Write out exactly every line from the one containing "Character: 嶯" through the final line of the material below, both included. Pictures are to be skipped.

*** Material provided Section Begins ***

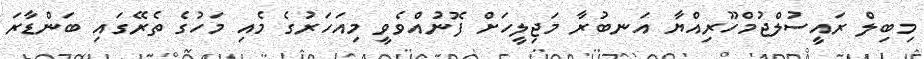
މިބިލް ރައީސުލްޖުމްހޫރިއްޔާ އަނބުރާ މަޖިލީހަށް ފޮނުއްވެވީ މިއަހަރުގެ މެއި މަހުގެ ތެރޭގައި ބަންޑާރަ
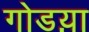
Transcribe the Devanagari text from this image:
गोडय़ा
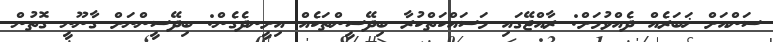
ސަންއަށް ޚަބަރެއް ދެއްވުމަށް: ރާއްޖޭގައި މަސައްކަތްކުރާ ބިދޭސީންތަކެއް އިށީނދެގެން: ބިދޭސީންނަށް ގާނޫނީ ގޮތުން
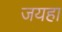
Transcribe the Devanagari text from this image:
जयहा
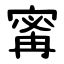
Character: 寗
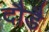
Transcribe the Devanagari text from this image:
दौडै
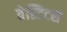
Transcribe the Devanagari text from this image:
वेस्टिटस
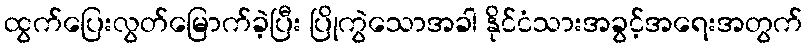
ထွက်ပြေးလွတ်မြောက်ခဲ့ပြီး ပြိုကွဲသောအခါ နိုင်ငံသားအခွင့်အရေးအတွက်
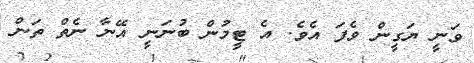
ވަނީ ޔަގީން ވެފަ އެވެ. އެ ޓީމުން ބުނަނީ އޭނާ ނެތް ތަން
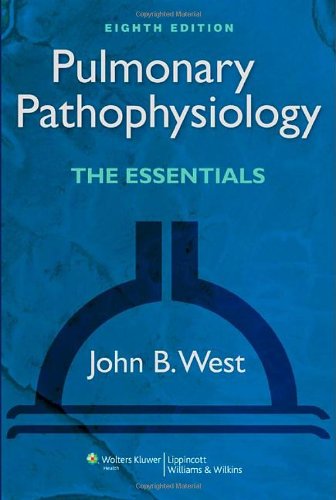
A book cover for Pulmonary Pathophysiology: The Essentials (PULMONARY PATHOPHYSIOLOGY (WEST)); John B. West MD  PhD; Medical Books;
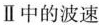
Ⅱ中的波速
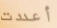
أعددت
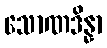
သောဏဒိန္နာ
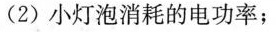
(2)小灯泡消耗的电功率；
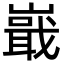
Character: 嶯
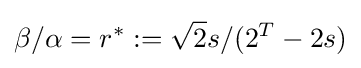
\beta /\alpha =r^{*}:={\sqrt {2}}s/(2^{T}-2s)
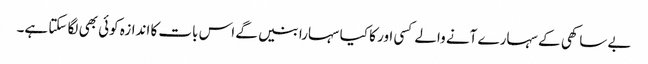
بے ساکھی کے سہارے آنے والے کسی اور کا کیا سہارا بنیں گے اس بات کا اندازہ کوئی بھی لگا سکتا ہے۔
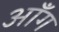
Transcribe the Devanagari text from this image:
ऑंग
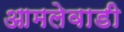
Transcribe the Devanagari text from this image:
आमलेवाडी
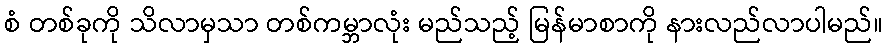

*** Material provided Section Ends ***

• Response for this exercise:
Character: 嶯
\beta /\alpha =r^{*}:={\sqrt {2}}s/(2^{T}-2s)
بے ساکھی کے سہارے آنے والے کسی اور کا کیا سہارا بنیں گے اس بات کا اندازہ کوئی بھی لگا سکتا ہے۔
Transcribe the Devanagari text from this image:
ऑंग
Transcribe the Devanagari text from this image:
आमलेवाडी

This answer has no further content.